» **Exercise**
Transcribe each entry in full, and leave the images out.

(Beginning of Record set)

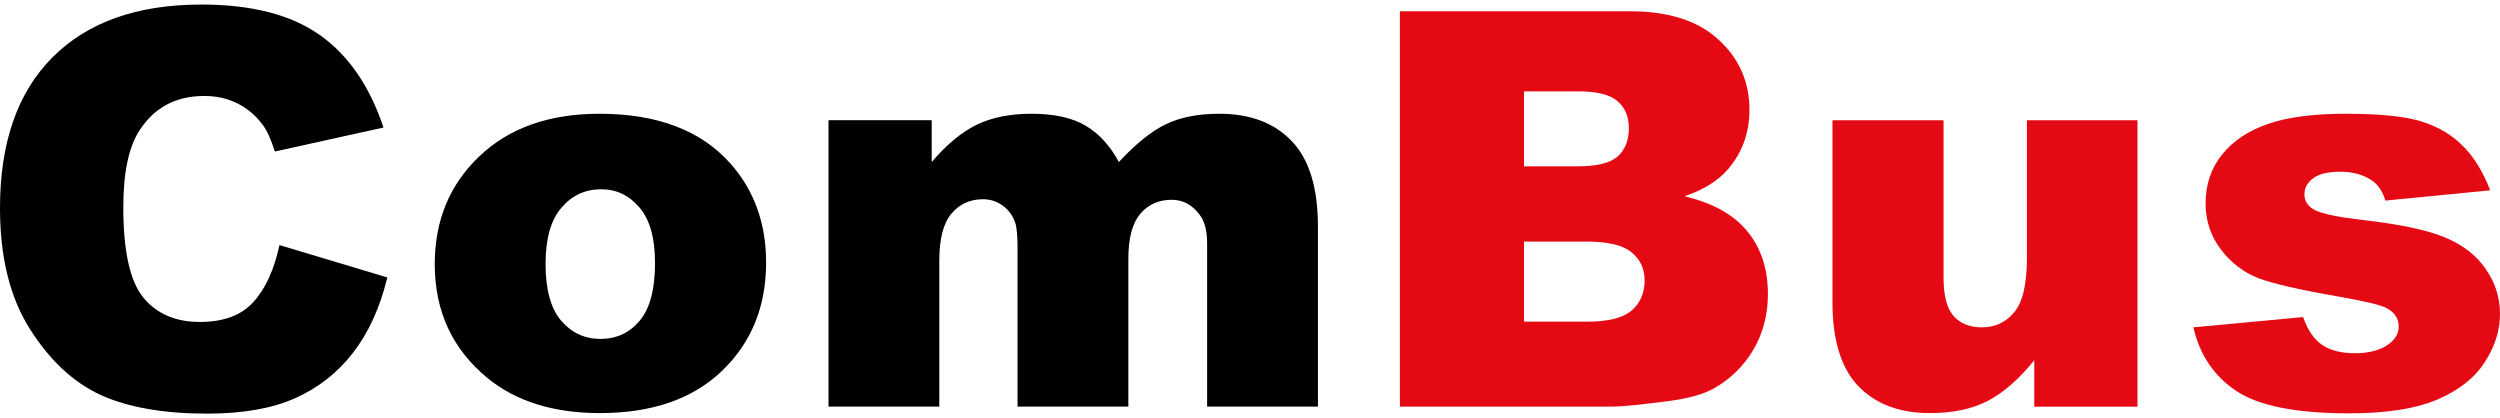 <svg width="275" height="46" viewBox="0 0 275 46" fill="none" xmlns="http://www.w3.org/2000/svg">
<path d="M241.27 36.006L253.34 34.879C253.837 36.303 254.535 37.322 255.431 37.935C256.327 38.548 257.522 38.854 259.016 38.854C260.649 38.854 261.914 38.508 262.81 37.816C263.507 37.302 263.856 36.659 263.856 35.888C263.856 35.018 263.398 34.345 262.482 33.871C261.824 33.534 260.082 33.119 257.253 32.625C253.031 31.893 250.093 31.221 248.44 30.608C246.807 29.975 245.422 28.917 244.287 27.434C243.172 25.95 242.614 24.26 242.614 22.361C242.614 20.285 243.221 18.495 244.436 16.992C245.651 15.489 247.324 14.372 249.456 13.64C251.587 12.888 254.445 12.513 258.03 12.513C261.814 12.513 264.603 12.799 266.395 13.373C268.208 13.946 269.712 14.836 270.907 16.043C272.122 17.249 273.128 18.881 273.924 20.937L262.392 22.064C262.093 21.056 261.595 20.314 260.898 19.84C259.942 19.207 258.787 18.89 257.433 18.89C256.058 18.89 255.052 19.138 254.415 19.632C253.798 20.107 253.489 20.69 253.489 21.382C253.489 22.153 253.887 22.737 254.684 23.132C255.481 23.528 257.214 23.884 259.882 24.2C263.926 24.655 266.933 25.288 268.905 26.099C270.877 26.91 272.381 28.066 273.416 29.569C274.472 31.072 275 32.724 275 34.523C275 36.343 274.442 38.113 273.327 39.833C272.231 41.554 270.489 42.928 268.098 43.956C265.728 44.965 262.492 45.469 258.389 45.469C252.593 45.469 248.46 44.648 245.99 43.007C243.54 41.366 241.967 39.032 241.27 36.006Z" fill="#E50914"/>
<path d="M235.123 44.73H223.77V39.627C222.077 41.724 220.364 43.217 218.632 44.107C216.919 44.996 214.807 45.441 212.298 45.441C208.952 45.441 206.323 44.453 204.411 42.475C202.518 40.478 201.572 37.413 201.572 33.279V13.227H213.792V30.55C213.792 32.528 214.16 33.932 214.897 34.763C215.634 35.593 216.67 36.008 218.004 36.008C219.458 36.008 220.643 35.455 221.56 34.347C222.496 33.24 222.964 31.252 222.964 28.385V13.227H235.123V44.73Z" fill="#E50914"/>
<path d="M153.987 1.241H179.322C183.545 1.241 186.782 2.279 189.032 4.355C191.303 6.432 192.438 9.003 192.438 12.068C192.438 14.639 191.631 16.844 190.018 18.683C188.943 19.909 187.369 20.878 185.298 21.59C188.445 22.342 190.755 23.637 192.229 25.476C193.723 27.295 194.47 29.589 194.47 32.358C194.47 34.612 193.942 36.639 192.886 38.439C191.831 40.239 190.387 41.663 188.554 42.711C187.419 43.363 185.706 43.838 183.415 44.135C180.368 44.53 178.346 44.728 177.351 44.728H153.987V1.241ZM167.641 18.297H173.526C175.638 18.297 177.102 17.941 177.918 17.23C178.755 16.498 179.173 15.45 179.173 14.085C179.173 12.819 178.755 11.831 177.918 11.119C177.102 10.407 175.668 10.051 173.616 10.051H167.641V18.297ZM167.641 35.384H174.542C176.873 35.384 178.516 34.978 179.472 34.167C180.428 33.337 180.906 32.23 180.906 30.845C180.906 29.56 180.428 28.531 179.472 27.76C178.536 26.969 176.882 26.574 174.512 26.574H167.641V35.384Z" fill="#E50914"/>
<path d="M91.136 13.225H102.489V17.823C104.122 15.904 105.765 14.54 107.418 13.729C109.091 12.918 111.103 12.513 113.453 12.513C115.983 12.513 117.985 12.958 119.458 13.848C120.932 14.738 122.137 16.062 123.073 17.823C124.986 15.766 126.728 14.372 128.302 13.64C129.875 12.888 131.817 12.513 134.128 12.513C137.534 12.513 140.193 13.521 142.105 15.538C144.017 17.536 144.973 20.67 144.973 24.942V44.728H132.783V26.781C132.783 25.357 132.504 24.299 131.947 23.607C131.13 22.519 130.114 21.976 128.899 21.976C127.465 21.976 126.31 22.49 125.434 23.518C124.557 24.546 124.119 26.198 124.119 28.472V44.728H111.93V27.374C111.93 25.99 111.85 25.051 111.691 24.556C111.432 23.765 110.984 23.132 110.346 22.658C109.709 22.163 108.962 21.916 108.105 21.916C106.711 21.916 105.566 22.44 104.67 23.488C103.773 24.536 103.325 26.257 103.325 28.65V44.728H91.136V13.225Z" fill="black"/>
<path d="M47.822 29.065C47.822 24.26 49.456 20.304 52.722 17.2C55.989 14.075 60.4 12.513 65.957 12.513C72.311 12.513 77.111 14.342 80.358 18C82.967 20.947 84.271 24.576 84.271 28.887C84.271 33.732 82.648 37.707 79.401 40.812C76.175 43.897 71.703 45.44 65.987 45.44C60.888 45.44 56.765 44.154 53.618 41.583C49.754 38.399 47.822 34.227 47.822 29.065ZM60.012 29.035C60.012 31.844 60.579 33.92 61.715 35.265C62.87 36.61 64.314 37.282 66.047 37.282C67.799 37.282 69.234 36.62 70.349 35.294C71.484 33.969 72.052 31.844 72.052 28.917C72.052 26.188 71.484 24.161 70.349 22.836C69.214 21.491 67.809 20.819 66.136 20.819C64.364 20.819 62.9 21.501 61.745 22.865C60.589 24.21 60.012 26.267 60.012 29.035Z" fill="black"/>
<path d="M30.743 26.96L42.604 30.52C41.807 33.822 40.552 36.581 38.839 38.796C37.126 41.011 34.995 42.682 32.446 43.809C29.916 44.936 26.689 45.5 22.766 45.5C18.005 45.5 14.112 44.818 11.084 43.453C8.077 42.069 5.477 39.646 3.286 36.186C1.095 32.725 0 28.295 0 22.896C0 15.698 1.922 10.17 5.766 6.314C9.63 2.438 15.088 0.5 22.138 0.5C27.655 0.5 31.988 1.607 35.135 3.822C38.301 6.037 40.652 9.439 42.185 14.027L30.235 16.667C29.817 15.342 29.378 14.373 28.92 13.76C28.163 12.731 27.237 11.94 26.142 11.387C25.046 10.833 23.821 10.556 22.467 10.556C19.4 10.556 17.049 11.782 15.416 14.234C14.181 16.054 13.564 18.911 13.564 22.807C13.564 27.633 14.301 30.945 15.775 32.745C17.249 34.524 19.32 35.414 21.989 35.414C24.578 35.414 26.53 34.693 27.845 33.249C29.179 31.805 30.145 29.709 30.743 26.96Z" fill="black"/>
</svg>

(End of Record set)

» **Written solution**
 <svg width="275" height="46" viewBox="0 0 275 46" fill="none" xmlns="http://www.w3.org/2000/svg">
<path d="M241.27 36.006L253.34 34.879C253.837 36.303 254.535 37.322 255.431 37.935C256.327 38.548 257.522 38.854 259.016 38.854C260.649 38.854 261.914 38.508 262.81 37.816C263.507 37.302 263.856 36.659 263.856 35.888C263.856 35.018 263.398 34.345 262.482 33.871C261.824 33.534 260.082 33.119 257.253 32.625C253.031 31.893 250.093 31.221 248.44 30.608C246.807 29.975 245.422 28.917 244.287 27.434C243.172 25.95 242.614 24.26 242.614 22.361C242.614 20.285 243.221 18.495 244.436 16.992C245.651 15.489 247.324 14.372 249.456 13.64C251.587 12.888 254.445 12.513 258.03 12.513C261.814 12.513 264.603 12.799 266.395 13.373C268.208 13.946 269.712 14.836 270.907 16.043C272.122 17.249 273.128 18.881 273.924 20.937L262.392 22.064C262.093 21.056 261.595 20.314 260.898 19.84C259.942 19.207 258.787 18.89 257.433 18.89C256.058 18.89 255.052 19.138 254.415 19.632C253.798 20.107 253.489 20.69 253.489 21.382C253.489 22.153 253.887 22.737 254.684 23.132C255.481 23.528 257.214 23.884 259.882 24.2C263.926 24.655 266.933 25.288 268.905 26.099C270.877 26.91 272.381 28.066 273.416 29.569C274.472 31.072 275 32.724 275 34.523C275 36.343 274.442 38.113 273.327 39.833C272.231 41.554 270.489 42.928 268.098 43.956C265.728 44.965 262.492 45.469 258.389 45.469C252.593 45.469 248.46 44.648 245.99 43.007C243.54 41.366 241.967 39.032 241.27 36.006Z" fill="#E50914"/>
<path d="M235.123 44.73H223.77V39.627C222.077 41.724 220.364 43.217 218.632 44.107C216.919 44.996 214.807 45.441 212.298 45.441C208.952 45.441 206.323 44.453 204.411 42.475C202.518 40.478 201.572 37.413 201.572 33.279V13.227H213.792V30.55C213.792 32.528 214.16 33.932 214.897 34.763C215.634 35.593 216.67 36.008 218.004 36.008C219.458 36.008 220.643 35.455 221.56 34.347C222.496 33.24 222.964 31.252 222.964 28.385V13.227H235.123V44.73Z" fill="#E50914"/>
<path d="M153.987 1.241H179.322C183.545 1.241 186.782 2.279 189.032 4.355C191.303 6.432 192.438 9.003 192.438 12.068C192.438 14.639 191.631 16.844 190.018 18.683C188.943 19.909 187.369 20.878 185.298 21.59C188.445 22.342 190.755 23.637 192.229 25.476C193.723 27.295 194.47 29.589 194.47 32.358C194.47 34.612 193.942 36.639 192.886 38.439C191.831 40.239 190.387 41.663 188.554 42.711C187.419 43.363 185.706 43.838 183.415 44.135C180.368 44.53 178.346 44.728 177.351 44.728H153.987V1.241ZM167.641 18.297H173.526C175.638 18.297 177.102 17.941 177.918 17.23C178.755 16.498 179.173 15.45 179.173 14.085C179.173 12.819 178.755 11.831 177.918 11.119C177.102 10.407 175.668 10.051 173.616 10.051H167.641V18.297ZM167.641 35.384H174.542C176.873 35.384 178.516 34.978 179.472 34.167C180.428 33.337 180.906 32.23 180.906 30.845C180.906 29.56 180.428 28.531 179.472 27.76C178.536 26.969 176.882 26.574 174.512 26.574H167.641V35.384Z" fill="#E50914"/>
<path d="M91.136 13.225H102.489V17.823C104.122 15.904 105.765 14.54 107.418 13.729C109.091 12.918 111.103 12.513 113.453 12.513C115.983 12.513 117.985 12.958 119.458 13.848C120.932 14.738 122.137 16.062 123.073 17.823C124.986 15.766 126.728 14.372 128.302 13.64C129.875 12.888 131.817 12.513 134.128 12.513C137.534 12.513 140.193 13.521 142.105 15.538C144.017 17.536 144.973 20.67 144.973 24.942V44.728H132.783V26.781C132.783 25.357 132.504 24.299 131.947 23.607C131.13 22.519 130.114 21.976 128.899 21.976C127.465 21.976 126.31 22.49 125.434 23.518C124.557 24.546 124.119 26.198 124.119 28.472V44.728H111.93V27.374C111.93 25.99 111.85 25.051 111.691 24.556C111.432 23.765 110.984 23.132 110.346 22.658C109.709 22.163 108.962 21.916 108.105 21.916C106.711 21.916 105.566 22.44 104.67 23.488C103.773 24.536 103.325 26.257 103.325 28.65V44.728H91.136V13.225Z" fill="black"/>
<path d="M47.822 29.065C47.822 24.26 49.456 20.304 52.722 17.2C55.989 14.075 60.4 12.513 65.957 12.513C72.311 12.513 77.111 14.342 80.358 18C82.967 20.947 84.271 24.576 84.271 28.887C84.271 33.732 82.648 37.707 79.401 40.812C76.175 43.897 71.703 45.44 65.987 45.44C60.888 45.44 56.765 44.154 53.618 41.583C49.754 38.399 47.822 34.227 47.822 29.065ZM60.012 29.035C60.012 31.844 60.579 33.92 61.715 35.265C62.87 36.61 64.314 37.282 66.047 37.282C67.799 37.282 69.234 36.62 70.349 35.294C71.484 33.969 72.052 31.844 72.052 28.917C72.052 26.188 71.484 24.161 70.349 22.836C69.214 21.491 67.809 20.819 66.136 20.819C64.364 20.819 62.9 21.501 61.745 22.865C60.589 24.21 60.012 26.267 60.012 29.035Z" fill="black"/>
<path d="M30.743 26.96L42.604 30.52C41.807 33.822 40.552 36.581 38.839 38.796C37.126 41.011 34.995 42.682 32.446 43.809C29.916 44.936 26.689 45.5 22.766 45.5C18.005 45.5 14.112 44.818 11.084 43.453C8.077 42.069 5.477 39.646 3.286 36.186C1.095 32.725 0 28.295 0 22.896C0 15.698 1.922 10.17 5.766 6.314C9.63 2.438 15.088 0.5 22.138 0.5C27.655 0.5 31.988 1.607 35.135 3.822C38.301 6.037 40.652 9.439 42.185 14.027L30.235 16.667C29.817 15.342 29.378 14.373 28.92 13.76C28.163 12.731 27.237 11.94 26.142 11.387C25.046 10.833 23.821 10.556 22.467 10.556C19.4 10.556 17.049 11.782 15.416 14.234C14.181 16.054 13.564 18.911 13.564 22.807C13.564 27.633 14.301 30.945 15.775 32.745C17.249 34.524 19.32 35.414 21.989 35.414C24.578 35.414 26.53 34.693 27.845 33.249C29.179 31.805 30.145 29.709 30.743 26.96Z" fill="black"/>
</svg>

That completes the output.